CAR T Cell Therapy in Smoldering Myeloma: Balancing Efficacy and Toxicity
CAR T cell therapy induces deep responses in patients with smoldering myeloma, an asymptomatic cancer precursor, according to a study published June 17, 2026, in Nature Medicine. While the treatment is effective, it can also cause severe toxicities, making careful patient selection critical for success.
How does CAR T cell therapy affect smoldering myeloma?
According to Nature Medicine, CAR T cell therapy can produce deep responses in individuals with smoldering myeloma. This condition is characterized as an asymptomatic cancer precursor.
The therapy targets the precursor cells to achieve these responses. However, the study notes that the effectiveness of the treatment is closely tied to which patients are selected for the procedure.
What are the risks of this treatment?
The Nature Medicine report states that the therapy can induce severe toxicities. These risks exist alongside the potential for deep clinical responses.

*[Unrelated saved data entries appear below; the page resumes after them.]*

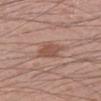Case summary:
– follow-up · no biopsy performed (imaged during a skin exam)
– lighting · white-light
– size · ~3 mm (longest diameter)
– patient · male, aged 53 to 57
– imaging modality · ~15 mm crop, total-body skin-cancer survey
– image-analysis metrics · border irregularity of about 2.5 on a 0–10 scale and a color-variation rating of about 3/10; a classifier nevus-likeness of about 15/100
– body site · the leg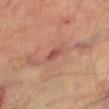Part of a total-body skin-imaging series; this lesion was reviewed on a skin check and was not flagged for biopsy. Cropped from a whole-body photographic skin survey; the tile spans about 15 mm. On the right thigh. Measured at roughly 2.5 mm in maximum diameter. Imaged with cross-polarized lighting. A male patient, aged around 70.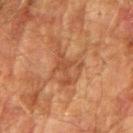Clinical impression: The lesion was tiled from a total-body skin photograph and was not biopsied. Acquisition and patient details: The lesion-visualizer software estimated about 6 CIELAB-L* units darker than the surrounding skin and a normalized border contrast of about 5.5. A close-up tile cropped from a whole-body skin photograph, about 15 mm across. This is a cross-polarized tile. The lesion is located on the right upper arm. Longest diameter approximately 6 mm. A male subject, aged approximately 75.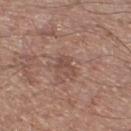Part of a total-body skin-imaging series; this lesion was reviewed on a skin check and was not flagged for biopsy. The subject is a male about 65 years old. The lesion is located on the left lower leg. The lesion-visualizer software estimated a classifier nevus-likeness of about 0/100 and lesion-presence confidence of about 100/100. A close-up tile cropped from a whole-body skin photograph, about 15 mm across. Approximately 2.5 mm at its widest.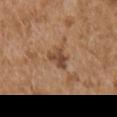| feature | finding |
|---|---|
| biopsy status | catalogued during a skin exam; not biopsied |
| acquisition | ~15 mm crop, total-body skin-cancer survey |
| lesion size | about 3.5 mm |
| tile lighting | white-light illumination |
| subject | male, aged 73 to 77 |
| location | the right upper arm |
| automated lesion analysis | an area of roughly 4.5 mm², a shape eccentricity near 0.75, and a shape-asymmetry score of about 0.45 (0 = symmetric); a lesion-detection confidence of about 100/100 |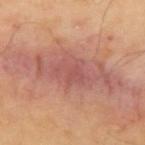{"biopsy_status": "not biopsied; imaged during a skin examination"}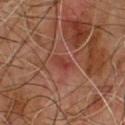Part of a total-body skin-imaging series; this lesion was reviewed on a skin check and was not flagged for biopsy. A region of skin cropped from a whole-body photographic capture, roughly 15 mm wide. The tile uses cross-polarized illumination. The patient is a male aged around 65. The lesion's longest dimension is about 3 mm.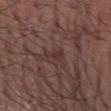workup: no biopsy performed (imaged during a skin exam) | TBP lesion metrics: a lesion area of about 2.5 mm², an outline eccentricity of about 0.9 (0 = round, 1 = elongated), and two-axis asymmetry of about 0.55; internal color variation of about 0.5 on a 0–10 scale; an automated nevus-likeness rating near 0 out of 100 and a detector confidence of about 60 out of 100 that the crop contains a lesion | anatomic site: the arm | subject: male, about 70 years old | lighting: white-light | lesion size: ~3 mm (longest diameter) | image: 15 mm crop, total-body photography.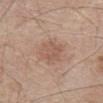Imaged during a routine full-body skin examination; the lesion was not biopsied and no histopathology is available.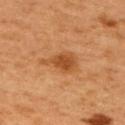  biopsy_status: not biopsied; imaged during a skin examination
  image:
    source: total-body photography crop
    field_of_view_mm: 15
  site: upper back
  patient:
    sex: male
    age_approx: 50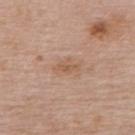{
  "biopsy_status": "not biopsied; imaged during a skin examination",
  "lesion_size": {
    "long_diameter_mm_approx": 2.5
  },
  "automated_metrics": {
    "area_mm2_approx": 3.0,
    "eccentricity": 0.85,
    "shape_asymmetry": 0.25,
    "cielab_L": 56,
    "cielab_a": 19,
    "cielab_b": 31,
    "vs_skin_darker_L": 7.0,
    "vs_skin_contrast_norm": 5.5,
    "border_irregularity_0_10": 2.5,
    "color_variation_0_10": 1.0,
    "peripheral_color_asymmetry": 0.0
  },
  "lighting": "white-light",
  "patient": {
    "sex": "female",
    "age_approx": 50
  },
  "site": "upper back",
  "image": {
    "source": "total-body photography crop",
    "field_of_view_mm": 15
  }
}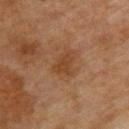Recorded during total-body skin imaging; not selected for excision or biopsy. A 15 mm close-up extracted from a 3D total-body photography capture. On the back. Captured under cross-polarized illumination. A female patient, roughly 70 years of age.

Because of these severe toxicities, the treatment carries significant potential risks. The balance between these risks and the benefits determines the overall success of the intervention.
How will patient selection impact future use?
Success for this therapy may depend on the development of stricter patient selection criteria. Clinicians could use these criteria to weigh potential benefits against the risk of severe toxicity.
Future applications of CAR T cell therapy for smoldering myeloma are likely to focus on identifying which specific patients are most likely to respond without experiencing severe adverse effects.
Frequently Asked Questions
What is smoldering myeloma?
As stated in Nature Medicine, smoldering myeloma is an asymptomatic cancer precursor.
Can CAR T cell therapy be effective for this condition?
Yes, according to the source, the therapy can induce deep responses in these patients.
What is the primary concern regarding this treatment?
The primary concern is that the therapy can cause severe toxicities, requiring careful patient selection to manage the risks and benefits.
How should medical providers balance the potential for deep responses against the risk of severe toxicity in asymptomatic patients?